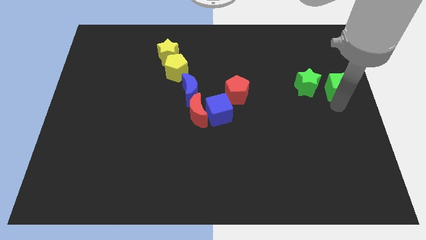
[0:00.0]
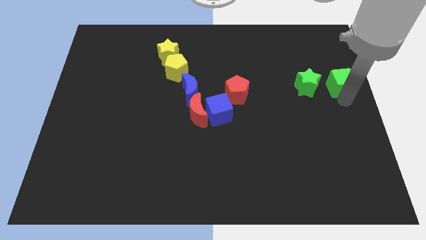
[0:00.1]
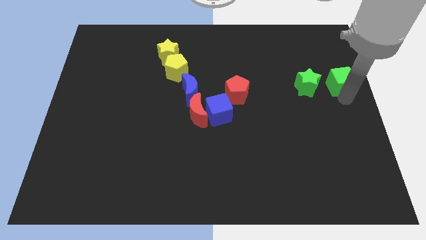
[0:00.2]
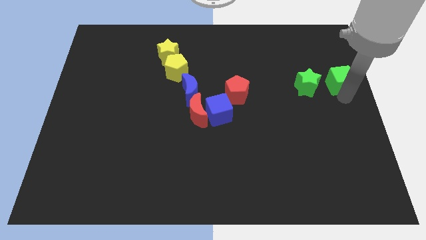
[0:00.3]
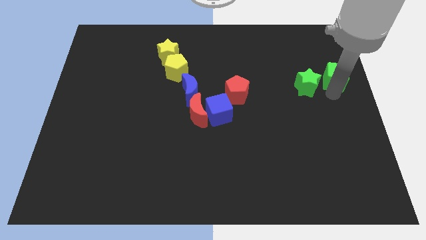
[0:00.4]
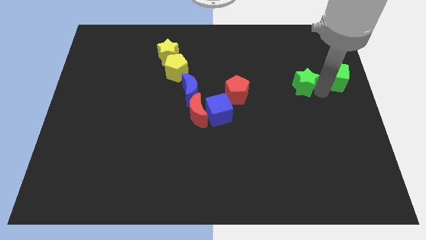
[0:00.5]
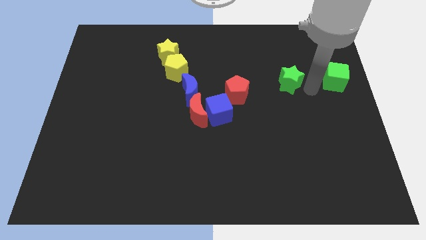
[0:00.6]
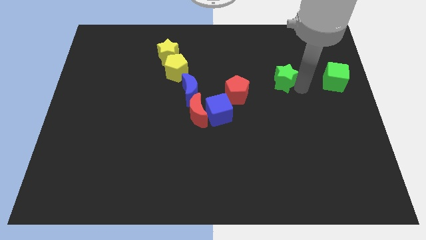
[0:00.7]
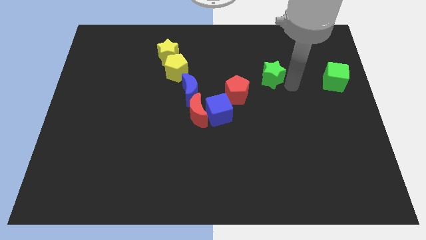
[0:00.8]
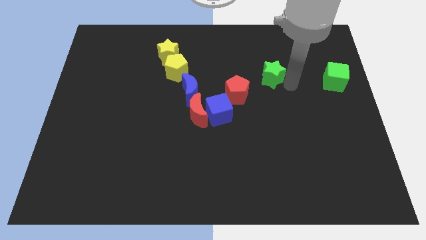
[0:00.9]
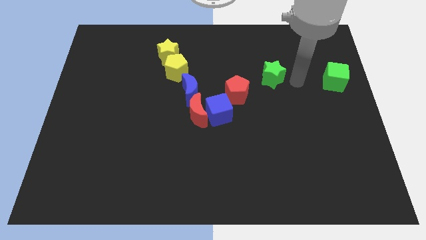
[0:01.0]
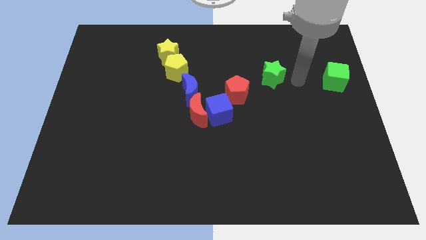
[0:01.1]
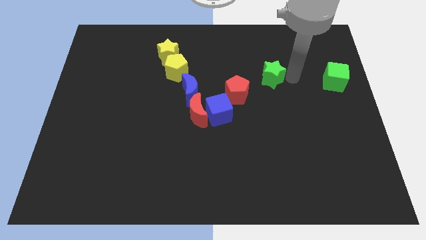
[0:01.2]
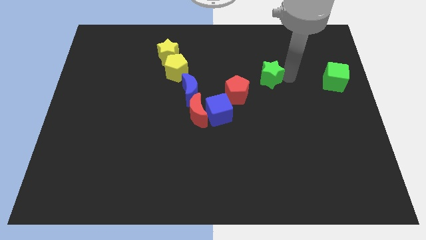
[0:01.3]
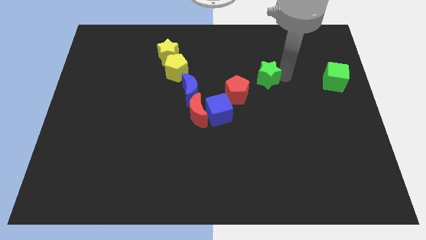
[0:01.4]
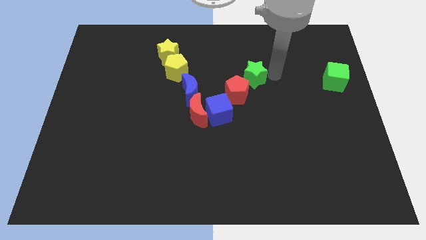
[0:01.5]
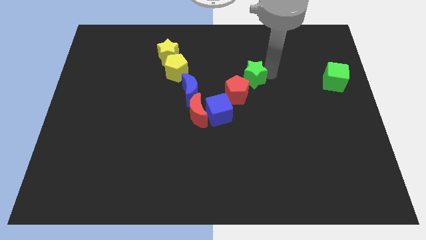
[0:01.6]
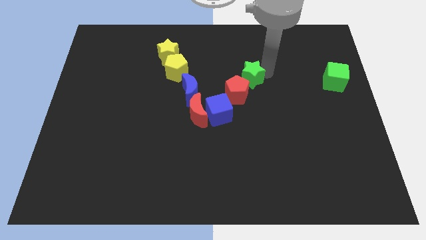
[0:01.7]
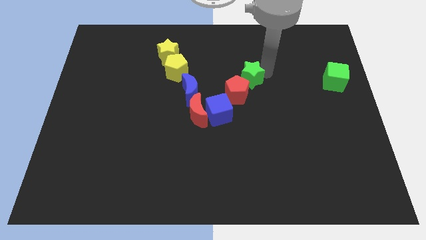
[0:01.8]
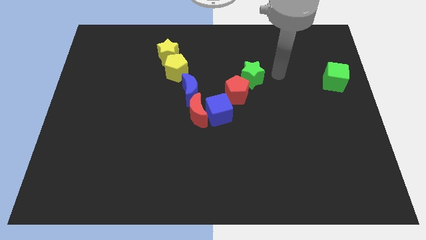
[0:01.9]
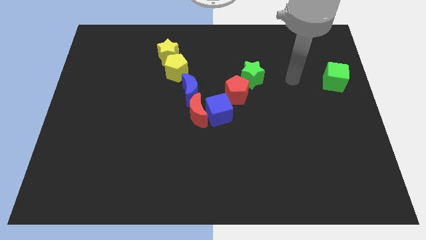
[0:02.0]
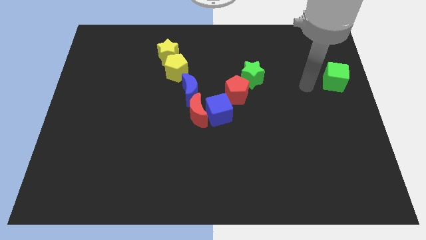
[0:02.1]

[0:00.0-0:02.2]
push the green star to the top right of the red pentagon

WHAT NEEDS TO BE DONE
Could you repeat all of the data exactly, minus the pictures?

RESPONSE TO THIS EXERCISE
[0:00.0]
[0:00.1]
[0:00.2]
[0:00.3]
[0:00.4]
[0:00.5]
[0:00.6]
[0:00.7]
[0:00.8]
[0:00.9]
[0:01.0]
[0:01.1]
[0:01.2]
[0:01.3]
[0:01.4]
[0:01.5]
[0:01.6]
[0:01.7]
[0:01.8]
[0:01.9]
[0:02.0]
[0:02.1]

[0:00.0-0:02.2]
push the green star to the top right of the red pentagon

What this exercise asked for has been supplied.